Records for this task:
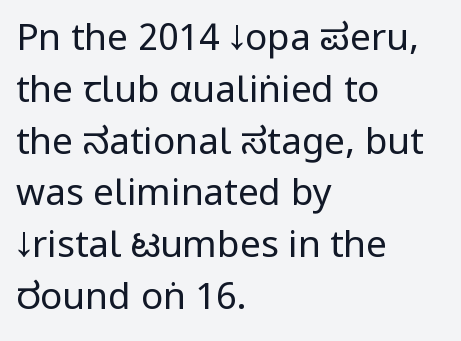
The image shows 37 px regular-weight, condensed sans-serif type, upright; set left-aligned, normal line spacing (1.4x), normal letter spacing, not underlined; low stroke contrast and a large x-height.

==

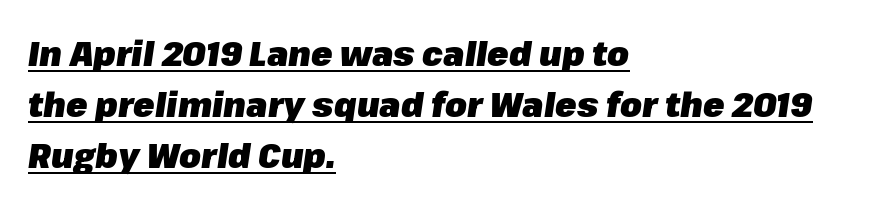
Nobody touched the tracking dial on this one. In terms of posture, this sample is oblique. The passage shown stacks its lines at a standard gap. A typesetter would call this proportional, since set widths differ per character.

--

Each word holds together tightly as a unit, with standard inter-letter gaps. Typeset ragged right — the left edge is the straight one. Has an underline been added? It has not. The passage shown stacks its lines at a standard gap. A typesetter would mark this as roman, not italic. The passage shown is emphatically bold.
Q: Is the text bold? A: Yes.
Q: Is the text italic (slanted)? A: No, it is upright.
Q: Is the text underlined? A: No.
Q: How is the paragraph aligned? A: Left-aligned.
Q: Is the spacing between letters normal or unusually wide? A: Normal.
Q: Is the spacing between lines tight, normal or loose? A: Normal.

Task instructions: Using the entries above, return exactly the lines from the line with "Q: Is the spacing between letters" to the line with "Q: Is the spacing between lines", counting both of those lines.

Solution to this task:
Q: Is the spacing between letters normal or unusually wide? A: Normal.
Q: Is the spacing between lines tight, normal or loose? A: Normal.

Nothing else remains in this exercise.